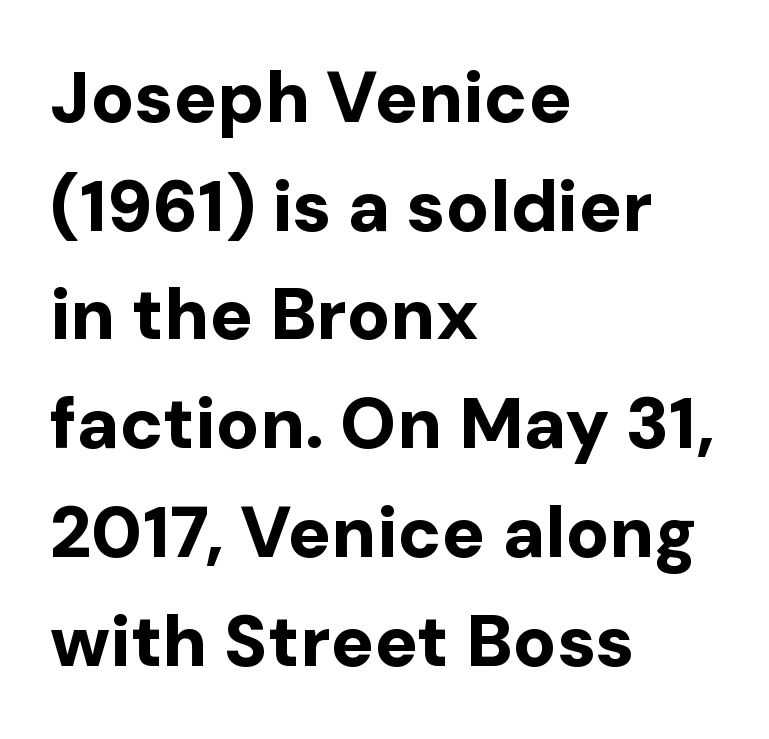
Its strokes are broad and dark, the hallmark of bold type. Do the characters align in a grid? No, the font is proportional. Each word holds together tightly as a unit, with standard inter-letter gaps. Posture: vertical. Caption: multi-line text, flush left, ragged right. The text was rendered using a sans face with plain stroke endings.
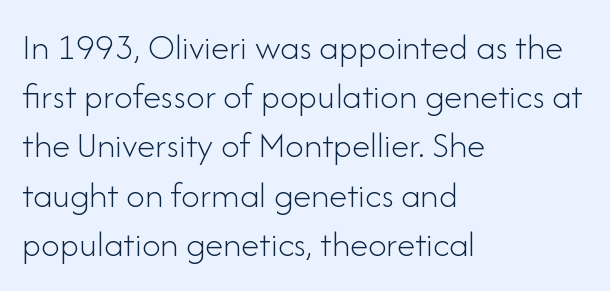
The image shows 37 px light sans-serif type, upright; set left-aligned, normal line spacing (1.33x), normal letter spacing, not underlined; low stroke contrast and a small x-height.
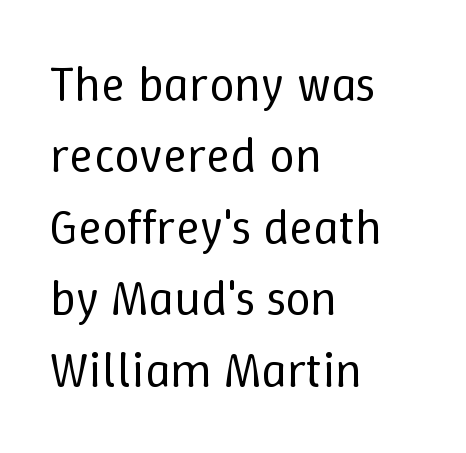
Short note: letters normally spaced. Horizontally, the lines are justified to the leading edge only. The rendering uses natural spacing where letterforms have individual widths. Anything drawn beneath the words? Only blank space.
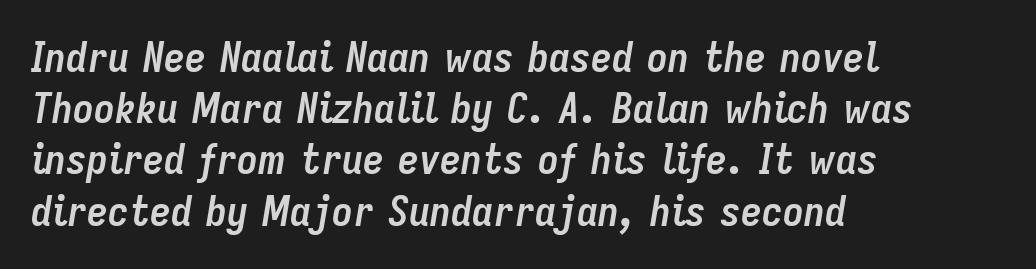
Descender tails drop into unmarked territory. A typesetter would mark this as italic. The ragged edge is on the right, which tells us the setting is flush left. Proportional: the letters do not fall into vertical columns.
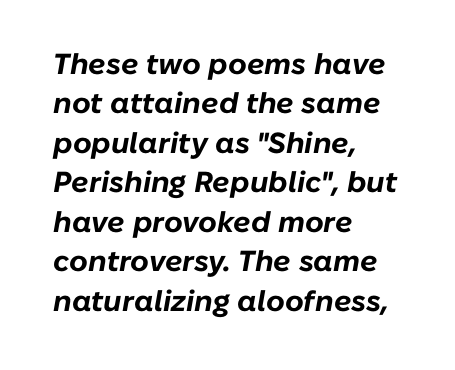
Glyph-to-glyph distance matches everyday printed text. Bold? Absolutely — the strokes are thick and heavy. How would I describe the line gaps? Plain and ordinary. Looking at the ascenders, they clearly lean. Letters rest on an invisible, unmarked baseline. This sample has the flowing, uneven cadence of proportional lettering.
^^^^^^^^
Using the records above, repeat exactly the run of lines that starts with the line with "Short note: letters" and goes on through the line with "Descender tails drop"; omit each picture.

Short note: letters normally spaced. Horizontally, the lines are justified to the leading edge only. The rendering uses natural spacing where letterforms have individual widths. Anything drawn beneath the words? Only blank space.
Descender tails drop into unmarked territory. A typesetter would mark this as italic. The ragged edge is on the right, which tells us the setting is flush left. Proportional: the letters do not fall into vertical columns.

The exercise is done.